Retrospective, multicenter, controlled cohort study.
All public hospitals in Melbourne and Geelong (combined population of 5 million), Australia, from 1 September 2015 to 31 October 2017.
Consecutive cases of DKA that developed in the community, or during the course of hospital admission, in patients with type 2 diabetes.
In SGLT2i users vs nonusers: (i) OR of DKA developing during hospital admission, and (ii) incidence of DKA.

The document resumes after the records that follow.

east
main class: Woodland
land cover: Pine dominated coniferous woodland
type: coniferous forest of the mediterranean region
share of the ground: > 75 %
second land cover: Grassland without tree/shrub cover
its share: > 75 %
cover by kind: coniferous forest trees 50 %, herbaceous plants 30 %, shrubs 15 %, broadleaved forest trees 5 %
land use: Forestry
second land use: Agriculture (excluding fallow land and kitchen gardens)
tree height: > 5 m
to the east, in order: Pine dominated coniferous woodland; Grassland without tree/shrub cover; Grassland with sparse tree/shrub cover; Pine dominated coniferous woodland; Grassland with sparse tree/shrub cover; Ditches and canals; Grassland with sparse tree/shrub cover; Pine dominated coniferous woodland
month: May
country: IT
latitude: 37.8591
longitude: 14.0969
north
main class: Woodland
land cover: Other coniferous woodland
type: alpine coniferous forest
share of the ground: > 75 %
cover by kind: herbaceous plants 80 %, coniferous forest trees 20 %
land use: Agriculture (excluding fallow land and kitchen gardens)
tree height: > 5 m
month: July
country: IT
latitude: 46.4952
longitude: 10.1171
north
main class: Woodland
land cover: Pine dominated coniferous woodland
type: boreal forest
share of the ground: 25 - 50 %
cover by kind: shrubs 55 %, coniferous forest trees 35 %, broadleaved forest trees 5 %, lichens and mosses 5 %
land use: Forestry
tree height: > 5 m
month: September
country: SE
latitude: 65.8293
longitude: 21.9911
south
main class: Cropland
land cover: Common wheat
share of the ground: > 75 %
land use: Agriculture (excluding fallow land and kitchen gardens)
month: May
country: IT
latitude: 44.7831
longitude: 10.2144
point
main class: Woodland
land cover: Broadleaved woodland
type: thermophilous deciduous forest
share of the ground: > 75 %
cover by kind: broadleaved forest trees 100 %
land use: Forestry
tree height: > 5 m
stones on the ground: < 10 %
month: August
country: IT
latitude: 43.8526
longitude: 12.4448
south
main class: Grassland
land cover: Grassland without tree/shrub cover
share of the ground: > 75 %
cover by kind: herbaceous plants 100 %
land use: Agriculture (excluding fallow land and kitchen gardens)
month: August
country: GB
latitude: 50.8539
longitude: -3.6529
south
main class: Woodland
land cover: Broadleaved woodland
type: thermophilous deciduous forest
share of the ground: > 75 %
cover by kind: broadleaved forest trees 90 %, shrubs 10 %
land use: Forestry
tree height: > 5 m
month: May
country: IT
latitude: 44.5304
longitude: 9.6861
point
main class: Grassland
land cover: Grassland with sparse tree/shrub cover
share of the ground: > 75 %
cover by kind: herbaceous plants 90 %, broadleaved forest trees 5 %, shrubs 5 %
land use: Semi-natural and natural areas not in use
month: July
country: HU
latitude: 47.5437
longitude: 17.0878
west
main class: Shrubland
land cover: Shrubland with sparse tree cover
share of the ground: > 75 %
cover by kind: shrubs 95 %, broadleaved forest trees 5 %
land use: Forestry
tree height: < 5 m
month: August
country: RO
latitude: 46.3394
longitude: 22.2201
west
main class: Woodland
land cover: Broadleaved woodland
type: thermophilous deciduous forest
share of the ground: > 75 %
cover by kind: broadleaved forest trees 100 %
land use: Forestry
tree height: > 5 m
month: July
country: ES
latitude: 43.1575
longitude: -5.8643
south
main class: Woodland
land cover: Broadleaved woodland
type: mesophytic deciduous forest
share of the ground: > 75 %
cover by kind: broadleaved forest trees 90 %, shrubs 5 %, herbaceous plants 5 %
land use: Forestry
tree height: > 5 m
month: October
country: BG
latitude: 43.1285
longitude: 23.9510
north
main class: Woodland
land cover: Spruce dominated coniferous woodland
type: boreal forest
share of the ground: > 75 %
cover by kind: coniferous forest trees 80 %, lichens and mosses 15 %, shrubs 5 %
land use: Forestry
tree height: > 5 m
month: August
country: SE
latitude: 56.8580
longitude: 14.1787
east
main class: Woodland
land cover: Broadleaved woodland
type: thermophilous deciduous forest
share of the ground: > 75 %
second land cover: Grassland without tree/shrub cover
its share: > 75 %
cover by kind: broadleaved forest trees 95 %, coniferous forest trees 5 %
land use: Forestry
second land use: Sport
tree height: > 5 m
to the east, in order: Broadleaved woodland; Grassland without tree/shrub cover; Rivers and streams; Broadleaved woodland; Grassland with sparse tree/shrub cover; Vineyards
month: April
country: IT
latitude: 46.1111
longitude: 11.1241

There were 162 cases of DKA (37 SGLT2i users and 125 non-SGLT2i users) with a physician-adjudicated diagnosis of type 2 diabetes. Of these, DKA developed during the course of inpatient admission in 14 (38%) SGLT2i users vs 2 (2%) non-SGLT2i users (OR, 37.4; 95% CI, 8.0 to 175.9; P < 0.0001). The incidence of DKA was 1.02 per 1000 (95% CI, 0.74 to 1.41 per 1000) in SGLT2i users vs 0.69 per 1000 (95% CI, 0.58 to 0.82 per 1000) in non-SGLT2i users (OR, 1.48; 95% CI, 1.02 to 2.15; P = 0.037). Fifteen SGLT2i users (41%) had peak blood glucose <250 mg/dL (14 mmol/L) compared with one (0.8%) non-SGLT2i user (P < 0.001).
SGLT2i users were more likely to develop DKA as an inpatient compared with non-SGLT2i users. SGLT2i use was associated with a small but significant increased risk of DKA.
糖尿病酮症酸中毒(DKA)与钠-葡萄糖共转运蛋白 2 抑制剂(SGLT2is)的使用有关。
确定 SGLT2i 使用者与 2 型糖尿病非使用者中 DKA 的发生率、特征和结局。
回顾性、多中心、对照队列研究。
澳大利亚墨尔本和吉隆(人口合计 500 万)所有公立医院,2015 年 9 月 1 日至 2017 年 10 月 31 日。
在社区或住院期间发生的 2 型糖尿病患者的 DKA 连续病例。
在 SGLT2i 使用者与非使用者中:(i)DKA 在住院期间发展的比值比,以及(ii)DKA 的发生率。
有 162 例 DKA(37 例 SGLT2i 使用者和 125 例非 SGLT2i 使用者)经医生判断为 2 型糖尿病。其中,14 例(38%)SGLT2i 使用者在住院期间发生 DKA,2 例(2%)非 SGLT2i 使用者(比值比,37.4;95%置信区间,8.0 至 175.9;P<0.0001)。SGLT2i 使用者的 DKA 发生率为每 1000 人 1.02 例(95%置信区间,每 1000 人 0.74 至 1.41 例),而非 SGLT2i 使用者为每 1000 人 0.69 例(95%置信区间,每 1000 人 0.58 至 0.82 例)(比值比,1.48;95%置信区间,1.02 至 2.15;P=0.037)。与 1 例(0.8%)非 SGLT2i 使用者相比,15 例(41%)SGLT2i 使用者的血糖峰值<250mg/dL(14mmol/L)(P<0.001)。
与非 SGLT2i 使用者相比,SGLT2i 使用者更有可能在住院期间发生 DKA。SGLT2i 的使用与 DKA 的风险略有但显著增加相关。